2. Patenting ideas will achieve a great deal of motivation on individuals and corporations and encourage invention.
3. Software may cost many thousands of pounds to develop but can then be copied for a few pennies
4. Protecting software inventions will likely promote investment in research and development and eventually new technologies.
5. Software invention requires considerable investment that should be protected.

Many critics, on the other hand, have argued that patent system is not suitable for software. They condemn the idea of patenting software. They insist that some software inventions do not have enough technical character as required by the law.
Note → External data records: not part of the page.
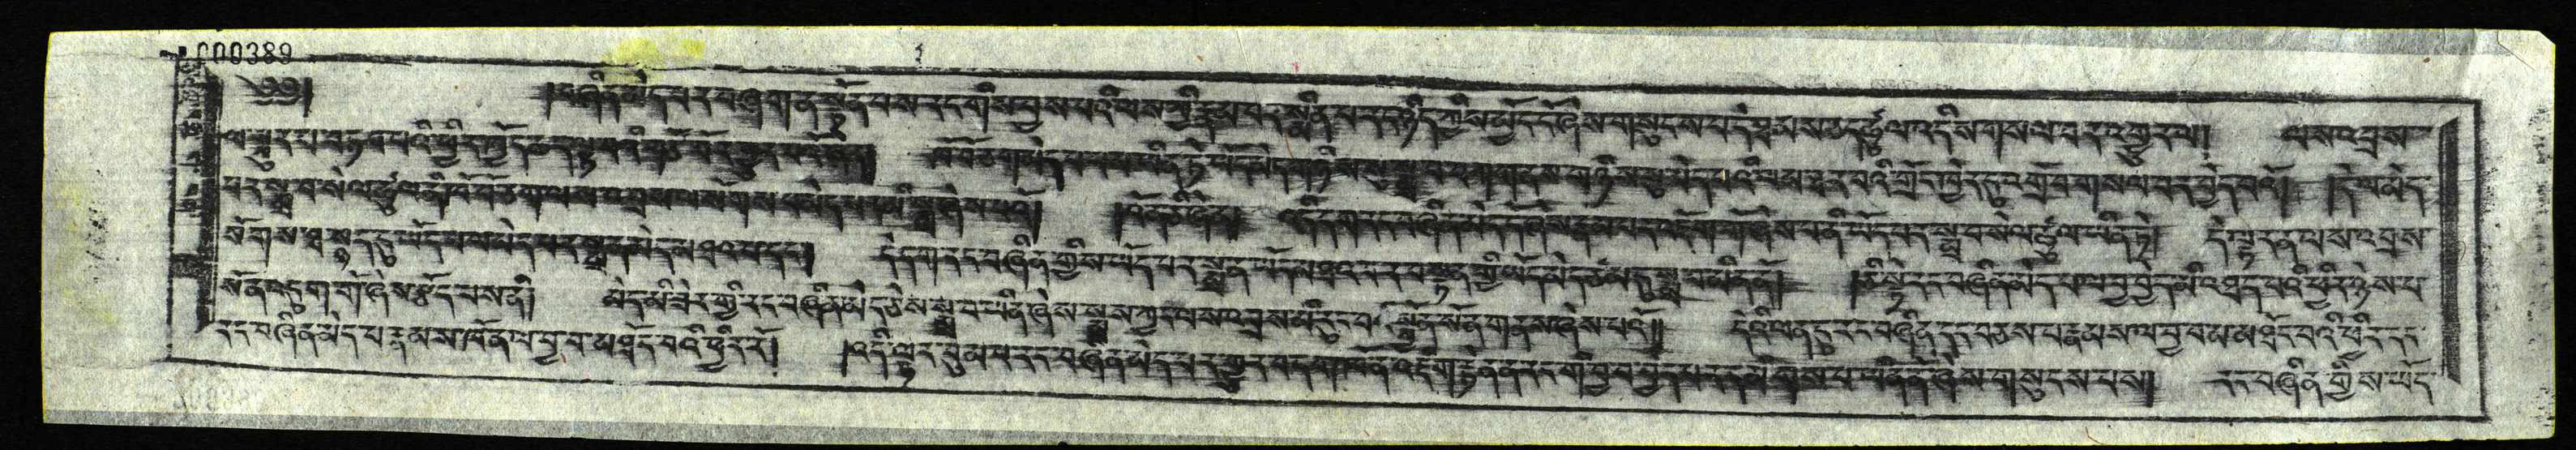༄༅། །བཞིན་མེད་པར་བཞག་ན་སྟོན་པས་རང་གིས་བྱས་པའི་ལས་ཀྱི་རྣམ་པར་སྨིན་པ་རང་ཉིད་ཀྱིས་མྱོང་ངོ་ཞེས་གསུངས་པ་དེ་ཐམས་ཅད་ཚུལ་འདིས་གསལ་བར་འགྱུར་ལ། ལས་འབྲས་
ལ་སྐུར་པ་བཏབ་པའི་ཕྱིར་ཁྱོད་ཆད་ལྟ་བའི་གཙོ་བོར་གྱུར་པའོ་ཞེ་ན། ཁོ་བོ་ཅག་མེད་པ་བ་མ་ཡིན་ཏེ་ཡོད་མེད་གཉིས་སུ་སྨྲ་བ་བཀག་ནས་གཉིས་སུ་མེད་པའི་ལས་ཐར་པའི་གྲོང་ཁྱེར་དུ་འགྲོ་བ་གསལ་བར་བྱེད་བའོ། །དེ་ལ་མེད་
པར་སྨྲ་བ་སེལ་ཚུལ་ནི་ཁོ་བོ་ཅག་ལས་འབྲས་ལ་སོགས་པ་མེད་པར་མི་སྨྲ་ཞེས་པའོ། །འོ་ན་ཅི་ཞེ་ན། འདི་དག་རང་བཞིན་མེད་དོ་ཞེས་རྣམ་པར་འཇོག་གོ་ཞེས་པ་ནི་ཡོད་པར་སྨྲ་བ་སེལ་ཚུལ་ཡིན་ཏེ། དེ་ལྟར་ན་ལས་འབྲས་
སོགས་ཐ་སྙད་དུ་ཡོད་པ་ལ་མེད་པར་སྨྲ་ན་མེད་མཐའ་བ་དང་། དེ་དག་རང་བཞིན་གྱིས་ཡོད་པར་སྨྲ་ན་ཡོད་མཐའ་བར་བསྟན་གྱི་ཡོད་མེད་ཙམ་དུ་སྨྲ་བ་མིན་ནོ། །ཅི་སྟེ་རང་བཞིན་མེད་པ་ལ་བྱ་བྱེད་མི་འཐད་པའི་ཕྱིར་ཉེས་པ་
སོན་འདུག་གོ་ཞེས་རྩོད་པས་ནི། མེད་མི་ཟེར་གྱི་རང་བཞིན་མེད་ཅེས་སྨྲ་བ་ཡིན་ཞེས་སྨྲས་ཀྱང་ལས་འབྲས་མི་རུང་བའི་སྐྱོན་སོ་ན་གནས་ཞེས་པའོ།། དེའི་ལན་དུ་རང་བཞིན་དང་བཅས་པ་རྣམས་ལ་བྱ་བ་མ་མཐོང་བའི་ཕྱིར་དང་
རང་བཞིན་མེད་པ་རྣམས་ཁོ་ན་ལ་བྱ་བ་མཐོང་བའི་ཕྱིར་རོ། །འདི་ལྟར་བུམ་པ་རང་བཞིན་མེད་པར་གྱུར་བ་དག་ཁོ་ན་འཇིག་རྟེན་ན་རང་གི་བྱ་བ་བྱེད་པར་དམིགས་པ་ཡིན་ནོ་ཞེས་གསུངས་པས། རང་བཞིན་གྱིས་ཡོད་

More significantly, it will lead to the accumulation of patents in large companies, making life very hard for small companies and individuals.

Although the Agreement on Trade Related Aspects of Intellectual Property Rights (TRIPS) requires patents to be protected, but “protecting” does not necessarily imply “patenting”. Some believe that the fact of patenting only technical software is a myth. Why patent some if you cannot patent all. According to Robert Barr of CISCO, “The time and money we spend on patent filings, prosecution, and maintenance, litigation and licensing could be better spent on product development and research leading to more innovation”.
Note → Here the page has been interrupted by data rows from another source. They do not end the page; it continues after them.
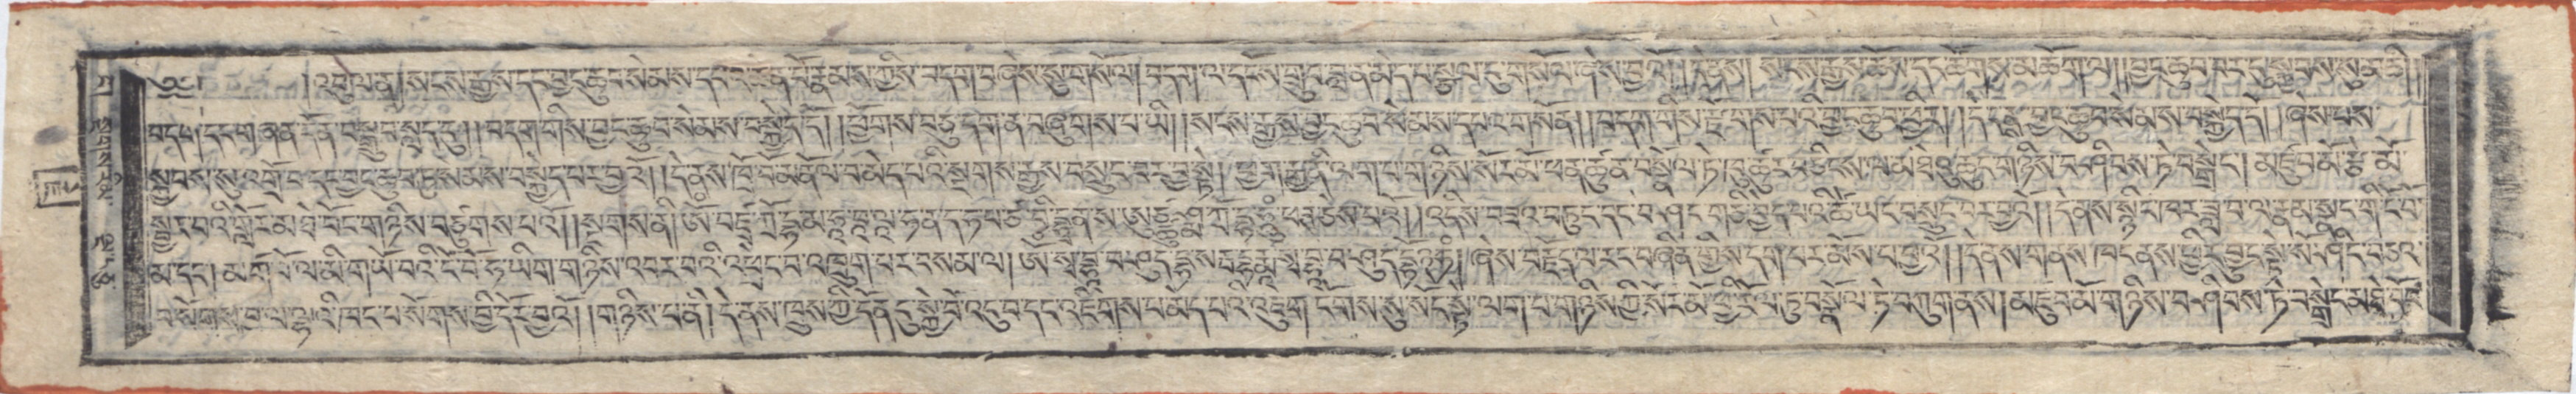༄༅། །འབུལ་ན། སངས་རྒྱས་དང་བྱང་ཆུབ་སེམས་དཔའ་ཆེན་པོ་རྣམས་ཀྱིས་བདག་བཞེས་སུ་གསོལ། བདག་ལ་དངོས་གྲུབ་བླ་ན་མེད་པ་སྩལ་དུ་གསོལ་ཞེས་བྱའོ། །དེ་ནས། སངས་རྒྱས་ཆོས་དང་ཚོགས་མཆོག་ལ། །བྱང་ཆུབ་བར་དུ་སྐྱབས་སུ་མཆི། །
བདག་དང་གཞན་དོན་བསྒྲུབ་སླད་དུ། །བདག་གིས་བྱང་ཆུབ་སེམས་བསྐྱེད་དོ། །ཕྱོགས་བཅུ་དག་ན་བཞུགས་པ་ཡི། །སངས་རྒྱས་བྱང་ཆུབ་སེམས་དཔའ་གསོན། །བདག་གིས་རྫོགས་པའི་བྱང་ཆུབ་ཕྱིར། །དེང་ནས་བྱང་ཆུབ་སེམས་བསྐྱེད་དོ། །ཞེས་པས་
སྐྱབས་སུ་འགྲོ་བ་དང་བྱང་ཆུབ་སེམས་བསྐྱེད་པར་བྱའོ། །དེ་ནས་ཁྲོ་བོ་མནོལ་བ་མེད་པའི་སྔགས་རྒྱས་བསྲུང་བར་བྱ་སྟེ། ཕྱག་རྒྱ་ནི་ལག་པ་གཉིས་སོར་མོ་ཕན་ཚུན་བསྣོལ་ཏེ་ཁུ་ཚུར་བཅིངས་ལ་མཐེའུ་ཆུང་གཉིས་བཤིབས་ཏེ་བསྒྲེང་། མཛུབ་མོ་རྩེ་མོ་
སྦྱར་བའི་གློར་མཐེ་བོང་གཉིས་བཙུགས་པའོ། །སྔགས་ནི། ཨོཾ་བཛྲ་ཀྲོ་དྷ་མ་ཧཱ་བཱ་ལཱ་ཧ་ན་ད་ཧ་པ་ཙ་བི་དྷྭན་ས་ཨུ་ཙྪུ་ཤམ་ཀྲོ་དྷ་ཧཱུཾ་ཕཊ་ཅེས་པའོ། །འདིས་བཟའ་བཏུང་དང་བཤད་གཅི་བྱེད་པའི་ཚེ་ཡང་བསྲུང་བར་བྱའོ། །དེ་ནས་སྙིང་ཁར་ཟླ་བ་ལ་རྣམ་སྣང་གི་ངོ་བོ་
མ་དང་། མགོ་བོ་ལ་མི་གཡོ་བའི་ངོ་བོ་ཧ་ཡིག་གཉིས་འབར་བའི་འཕྲེང་བ་འཁྲུག་པར་བསམ་ལ། ཨོཾ་སྭ་བྷཱ་བ་ཤུད་དྷ་སརྦ་དྷརྨཱ་སྭ་བྷཱ་བ་ཤུད་དྷོ་ཉ་ཧཾ། ཞེས་བརྗོད་ལ་རང་བཞིན་གྱིས་དག་པར་མོས་པ་བྱའོ། །དེ་ནས་གནས་ཁང་ནས་ཕྱིར་བྱུང་སྟེ་སོ་ཤིང་བཅའ་
བ་སོགས་བྱ་ལ་ལྷའི་ཁང་པ་སོགས་བྱི་དོར་བྱའོ། །གཉིས་པ་ནི། དེ་ནས་ཁྲུས་ཀྱི་དོན་དུ་སྐྱེ་བོ་འདུ་བ་དང་འཇིགས་པ་མེད་པའི་འཇུག་ངོགས་སུ་སོང་སྟེ་ལག་པ་གཉིས་ཀྱི་སོར་མོ་ཕྱི་རོལ་ཏུ་བསྣོལ་ཏེ་བཀུག་ནས། མཛུབ་མོ་གཉིས་བཤིབས་ཏེ་བསྒྲེང་མཐེ་བོང་

In US, the Patent and Trademark Office was historically of the opinion that patents could not be granted to scientific truths or mathematical expressions of it. They viewed computer programs as “mere mathematical algorithms, and not processes or machines.” The decision to patent software in the US came after several court decisions show that patentability of software depended on the claims raised by the patent attorneys.
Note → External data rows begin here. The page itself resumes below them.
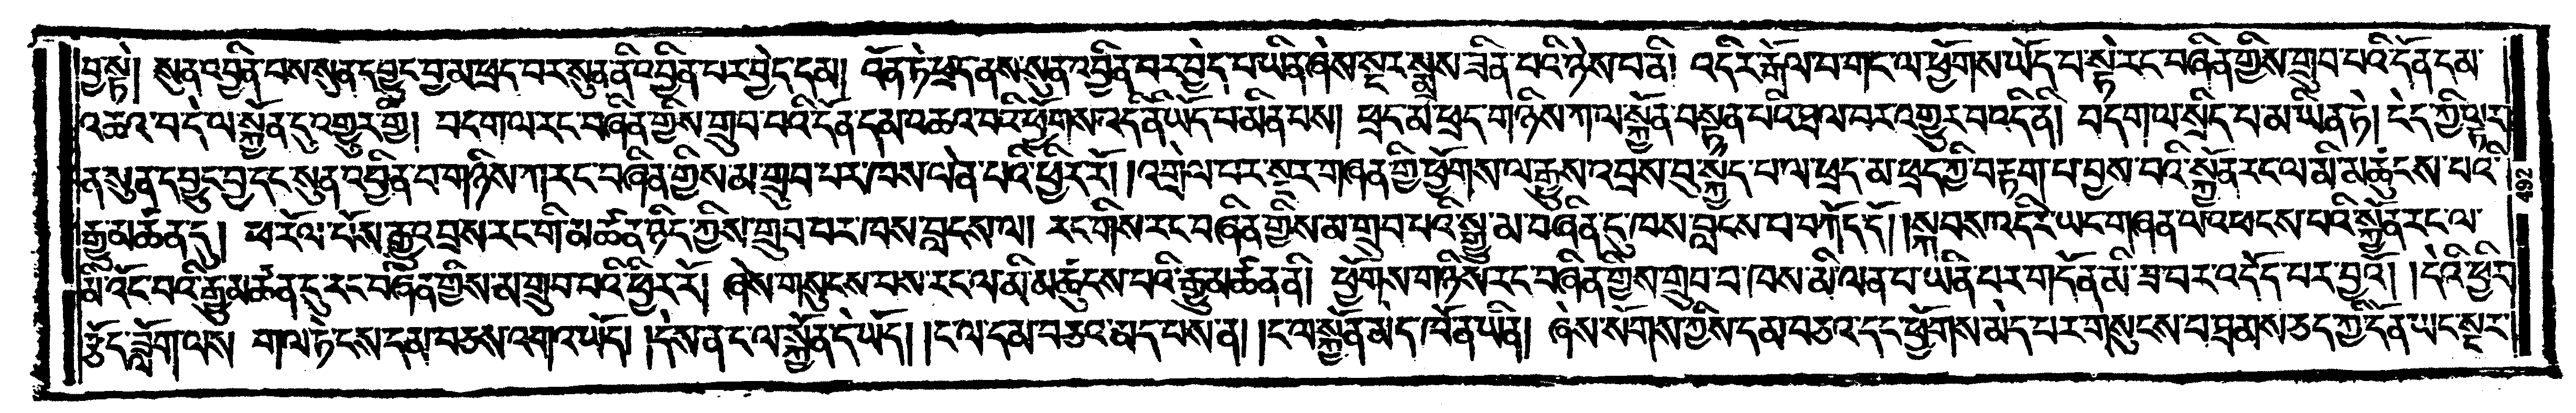བྱ་སྟེ། སུན་འབྱིན་པས་སུན་དབྱུང་བྱ་མ་ཕྲད་པར་སུན་ནི་འབྱིན་པར་བྱེད་དམ། འོན་ཏེ་ཕྲད་ནས་སུན་འབྱིན་པར་བྱེད་པ་ཡིན་ཞེས་སྔར་སྨྲས་ཟིན་པའི་ཉེས་པ་ནི། འདིར་རྒོལ་བ་གང་ལ་ཕྱོགས་ཡོད་པ་སྟེ་རང་བཞིན་གྱིས་གྲུབ་པའི་དོན་དམ་
འཆའ་བ་དེ་ལ་སྐྱོན་དུ་འགྱུར་གྱི། བདག་ལ་རང་བཞིན་ཀྱིས་གྲུབ་པའི་དོན་དམ་འཆའ་བའི་ཕྱོགས་འདི་ནི་ཡོད་པ་མིན་པས། ཕྲད་མ་ཕྲད་གཉིས་ཀ་ལ་སྐྱོན་བསྟན་པའི་ཐལ་བར་འགྱུར་བ་འདི་ནི། བདག་ལ་སྲིད་པ་མ་ཡིན་ཏེ། ངེད་ཀྱི་ལྟར་
ན་སུན་འབྱུང་བྱ་དང་སུན་འབྱིན་པ་གཉིས་ཀ་རང་བཞིན་གྱིས་མ་གྲུབ་པར་ཁས་ལེན་པའི་ཕྱིར་རོ། །འགྲེལ་པར་སྔར་གཞན་གྱི་ཕྱོགས་ལ་རྒྱུས་འབྲས་བུ་སྐྱེད་པ་ལ་ཕྲད་མ་ཕྲད་ཀྱི་བརྟག་པ་བྱས་པའི་སྐྱོན་རང་ལ་མི་མཚུངས་པའི་
རྒྱུ་མཚན་དུ། ཕ་རོལ་པོས་རྒྱུ་འབྲས་རང་གི་མཚན་ཉིད་ཀྱིས་གྲུབ་པར་ཁས་བླངས་ལ། རང་གིས་རང་བཞིན་གྱིས་མ་གྲུབ་པའི་སྒྱུ་མ་བཞིན་དུ་ཁས་བླངས་པ་བཀོད་དོ། །སྐབས་འདིར་ཡང་གཞན་ལ་འཕངས་པའི་སྐྱོན་རང་ལ་
མི་འོང་བའི་རྒྱུ་མཚན་དུ་རང་བཞིན་གྱིས་མ་གྲུབ་པའི་ཕྱིར་རོ། ཞེས་གསུངས་པས་རང་ལ་མི་མཚུངས་པའི་རྒྱུ་མཚན་ནི། ཕྱོགས་གཉིས་རང་བཞིན་གྱིས་གྲུབ་པ་ཁས་མི་ལེན་པ་ཡིན་པར་གདོན་མི་ཟ་བར་འདོད་པར་བྱའོ། །དེའི་ཕྱིར་
རྩོད་ཟློག་ལས། གལ་ཏེ་ངས་དམ་བཅས་འགའ་ཡོད། །དེས་ན་ང་ལ་སྐྱོན་དེ་ཡོད། །ང་ལ་དམ་བཅའ་མེད་པས་ན། །ང་ལ་སྐྱོན་མེད་ཁོ་ན་ཡིན། ཞེས་སོགས་ཀྱིས་དམ་བཅའ་དང་ཕྱོགས་མེད་པར་གསུངས་པ་ཐམས་ཅད་ཀྱི་དོན་ཡང་སྔར་

Those who oppose software patentability believe that the patent system may not be suitable for software for the following reasons:
1. It prevents competitive markets by giving large players absolute control over small to medium software enterprises.
2. Copyright Laws provide sufficient protection and are less expensive.
3. It creates monopolies on abstract ideas and inventions that could easily be invented.
4. Legal actions involving intellectual property issues are very expensive, slow and unpredictable.
5. It prevents innovation and introduces substantial business risk that will discourage investment.

Different jurisprudence may have different takes on softwared patentability. Part of their consideration may be the influx of apps in today’s software market. The US has a great experience in this area and has benefited from software patent. So it supports it and uses bilateral trade agreement to pressure other countries to expand their patent laws. In Japan, patented software must involve an advanced creation of technical ideas, and New Zealand recently passed laws to not allow software patents.

Despite these conflicting opinions, I believe it is crucial to protect the software industry, especially independent software developers whose interest may be unduly affected by the patent positions of larger companies. Software invention requires considerable mental and sometimes financial investment that needs to be protected. According to Harald Hagedorn, “…software is a multi-billion dollar industry with expected growth-rates of 10% p.a. during the next years … like in any other industry such growth can only be sustained if patents are available”. However, a patent system without any credibility will obviously cease to hold any sway.

It is necessary to consider that most developers cannot afford the enormous amounts of time and money that a patent law will require them to invest in their software products. The implication is that ideas may get stolen or patented by only those who can afford it. After all, a prior patent extinguishes all other rights. So our patent system should be made less complicated and easily accessible.

But here is the biggest deal though; even if you have a patent you still have to enforce it. Good luck with that if you choose not to consult a patent attorney. On the other hand, software creators must always consider nuances to explore when looking at whether it makes any financial sense to pursue a patent.